== Segment start ==

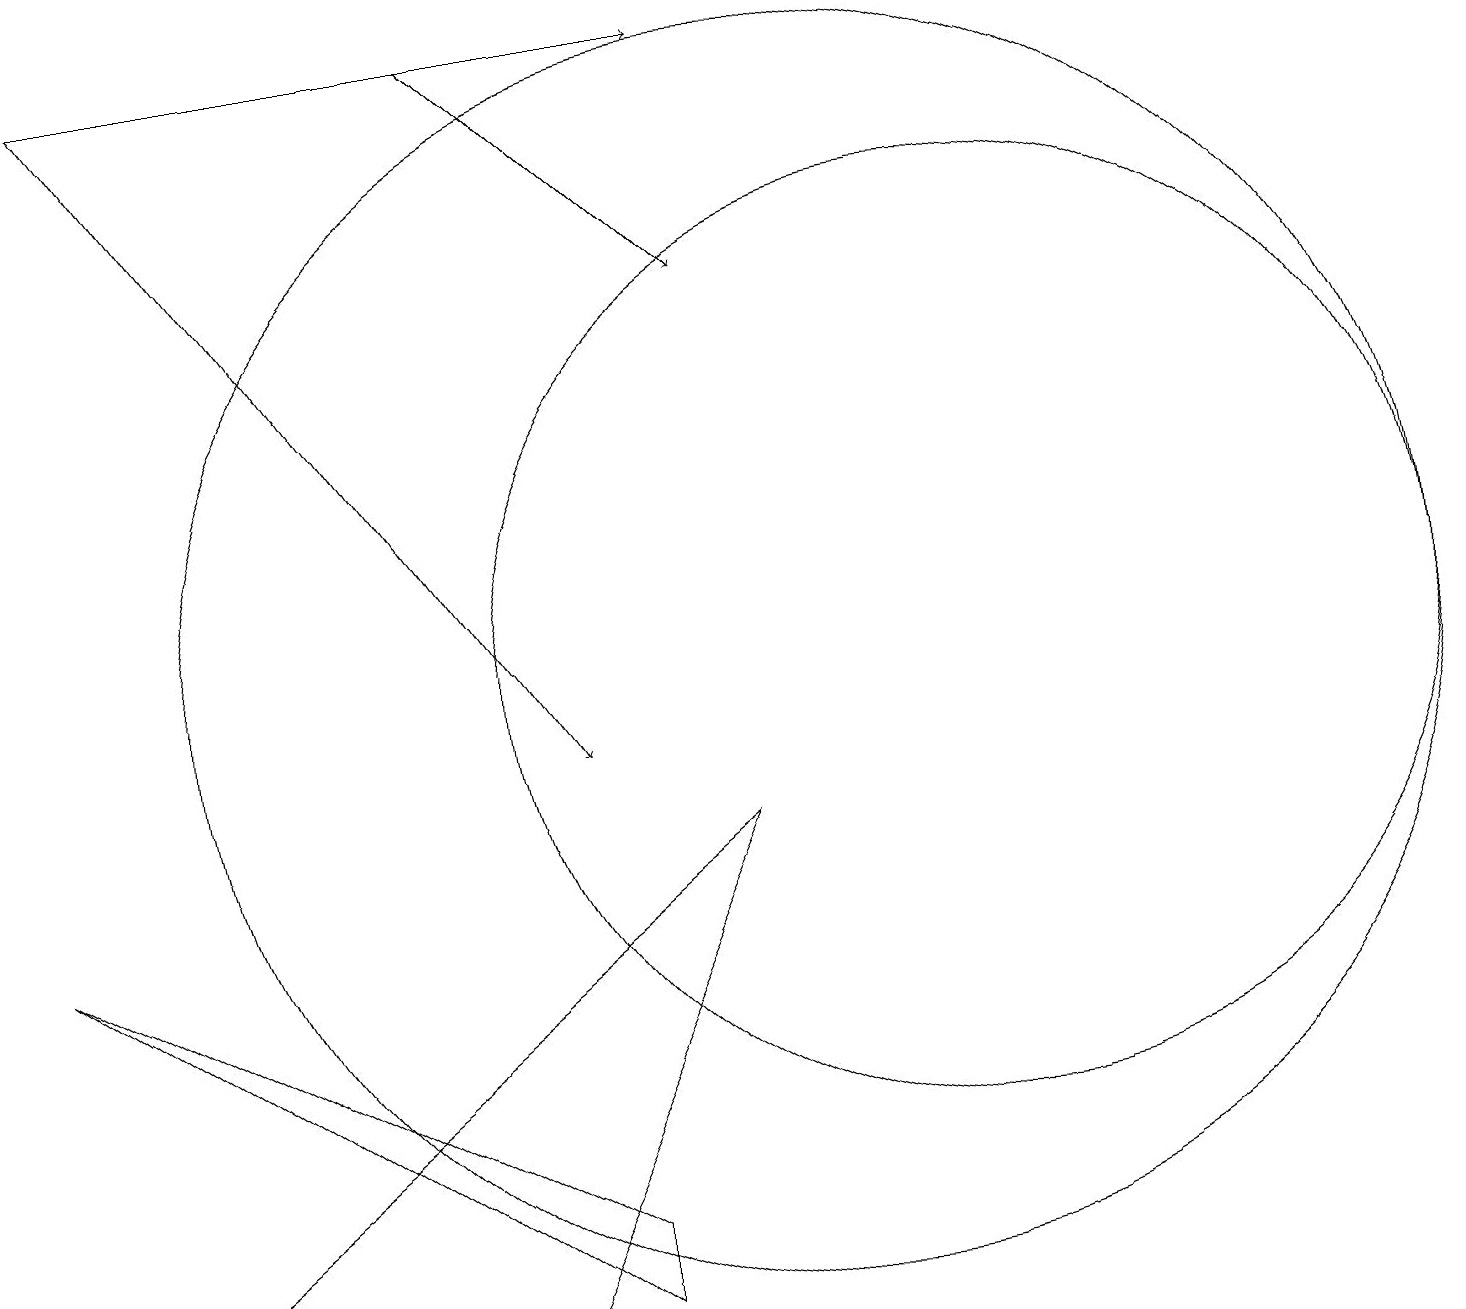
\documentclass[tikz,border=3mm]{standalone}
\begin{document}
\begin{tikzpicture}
\draw[->] (1,19) -- (7,10);
\draw (6,3) -- (9,9) -- (1,3) -- cycle;
\draw (12,11) circle (6);
\draw[->] (6,19) -- (9,16);
\draw (7,4) -- (7,3) -- (0,8) -- cycle;
\draw (10,11) circle (8);
\draw[->] (1,19) -- (9,19);
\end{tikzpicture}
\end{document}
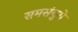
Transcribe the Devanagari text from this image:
समसंयुगे
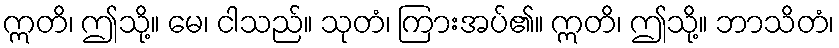
ဣတိ၊ ဤသို့။ မေ၊ ငါသည်။ သုတံ၊ ကြားအပ်၏။ ဣတိ၊ ဤသို့။ ဘာသိတံ၊
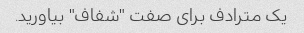
یک مترادف برای صفت "شفاف" بیاورید.
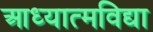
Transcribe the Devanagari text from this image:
आध्यात्मविद्या
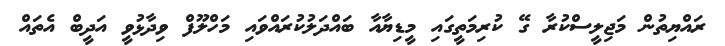
ރައްޔިތުން މަޖިލީސްކުރާ ގޭ ކުރިމަތީގައި މީޑިޔާއާ ބައްދަލުކުރައްވައި މަހްލޫފް ވިދާޅުވީ އަދީބް އެތައް
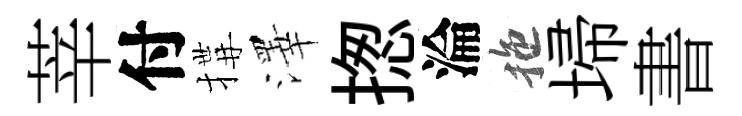
莘付搆澤揔淪拖埽書
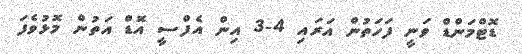
ޑޮޓްމަންޑް ވަނީ ފަހަތުން އަރައި 4-3 އިން އެފްސީ އޮޑް އަތުން މޮޅުވެފަ
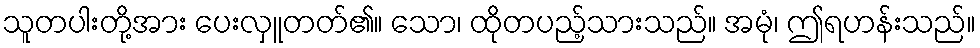
သူတပါးတို့အား ပေးလှူတတ်၏။ သော၊ ထိုတပည့်သားသည်။ အမုံ၊ ဤရဟန်းသည်။
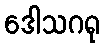
ဒေါသဂရု
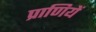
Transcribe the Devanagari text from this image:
प्राणियें
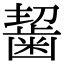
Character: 𪘂
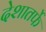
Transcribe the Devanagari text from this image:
देशातर्फे
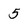
Character: 5
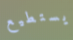
يستطيع
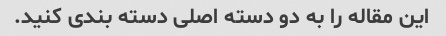
این مقاله را به دو دسته اصلی دسته بندی کنید.
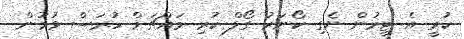
ކުރީ އެ ޓީމުން ނެގި ކޯނަރު ގޯލް ކުރި މައްޗަށް ހުރަސް ވުމުން
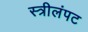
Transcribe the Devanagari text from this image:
स्त्रीलंपट
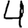
Digit: 4
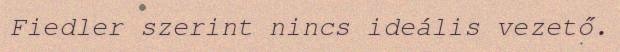
Fiedler szerint nincs ideális vezető.
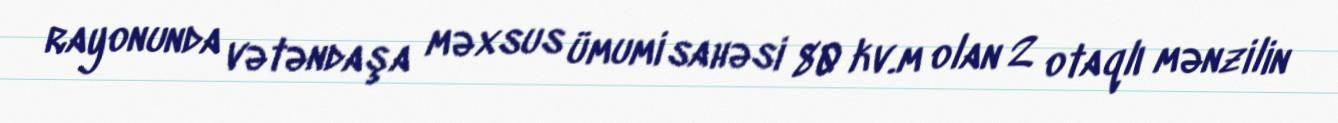
rayonunda vətəndaşa məxsus ümumi sahəsi 80 kv.m olan 2 otaqlı mənzilin
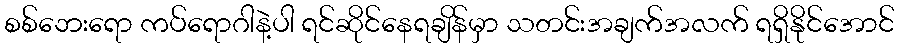
စစ်ဘေးရော ကပ်ရောဂါနဲ့ပါ ရင်ဆိုင်နေရချိန်မှာ သတင်းအချက်အလက် ရရှိနိုင်အောင်
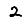
Digit: 2
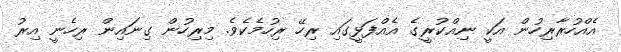
އެއްހުރާރިހުން އަކީ ނިއްކުރީގެ އެއްފަޅީގައި ރިހޭ ރިހުމެކެވެ. މިރިހުން ގިނައިން ރިހެނީ އިރު
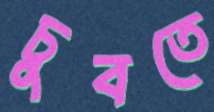
চুবতে
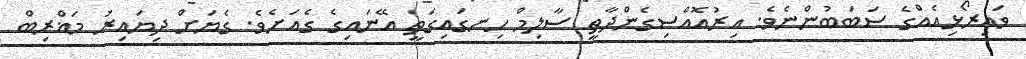
ވައިރޯޅިއެއްގެ ސަބަބުންނެވެ. އިރުއޮއްސިގެންދާތީ ސާލިމް ހިނގައިގަތީ އޭނައިގެ ގެއަށެވެ. ގެޔަށް ދިޔައިރު މަޣްރިބް
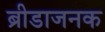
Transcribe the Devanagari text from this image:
ब्रीडाजनक
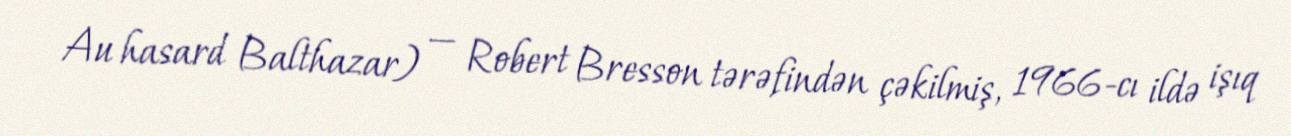
Au hasard Balthazar) — Robert Bresson tərəfindən çəkilmiş, 1966-cı ildə işıq
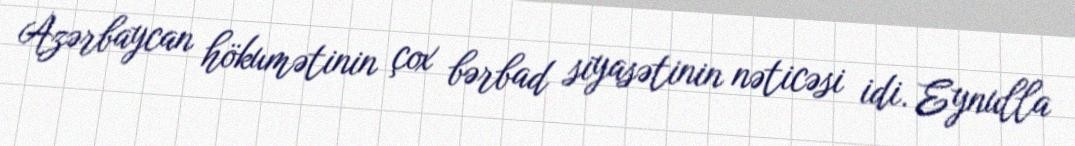
Azərbaycan hökumətinin çox bərbad siyasətinin nəticəsi idi. Eynulla
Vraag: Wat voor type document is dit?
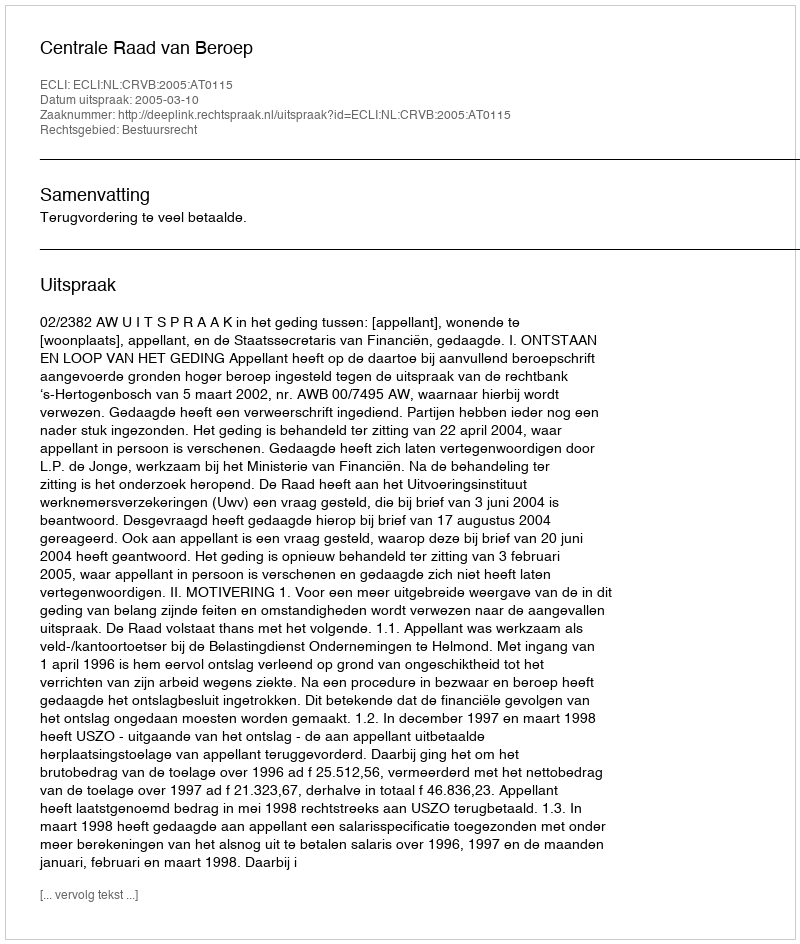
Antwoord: Uitspraak
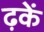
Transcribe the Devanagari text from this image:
ढ़कें
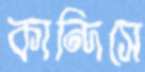
কান্দিসে
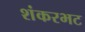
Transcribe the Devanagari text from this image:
शंकरभट
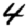
Digit: 4
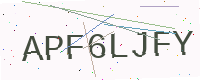
Text: APF6LJFY
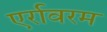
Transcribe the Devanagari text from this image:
एर्रावरम
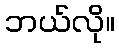
ဘယ်လို။
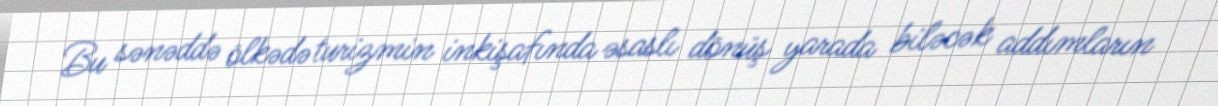
Bu sənəddə ölkədə turizmin inkişafında əsaslı dönüş yarada biləcək addımların
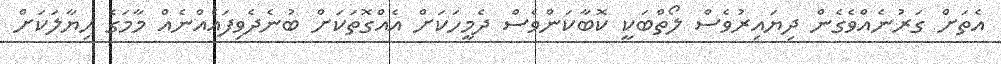
އެތަށް ގަރުނެއްވެގެން ދިޔައިރުވެސް ލޯތްބަކީ ކޮބާކަންވެސް ދެމީހަކަށް އެއްގޮތަކަށް ބުނެދެވިފައެއްނެއް މާމަގެ ހިޔާލަކަށް

== Segment end ==

- [TASK TO CARRY OUT] Beginning at the line that contains "Antwoord: Uitspraak", copy each remaining line of the records exactly, through the final one. Omit the pictures.

- [REPLY TO THE TASK]
Antwoord: Uitspraak
Transcribe the Devanagari text from this image:
ढ़कें
কান্দিসে
Transcribe the Devanagari text from this image:
शंकरभट
Digit: 4
Text: APF6LJFY
Transcribe the Devanagari text from this image:
एर्रावरम
ဘယ်လို။
Bu sənəddə ölkədə turizmin inkişafında əsaslı dönüş yarada biləcək addımların
އެތަށް ގަރުނެއްވެގެން ދިޔައިރުވެސް ލޯތްބަކީ ކޮބާކަންވެސް ދެމީހަކަށް އެއްގޮތަކަށް ބުނެދެވިފައެއްނެއް މާމަގެ ހިޔާލަކަށް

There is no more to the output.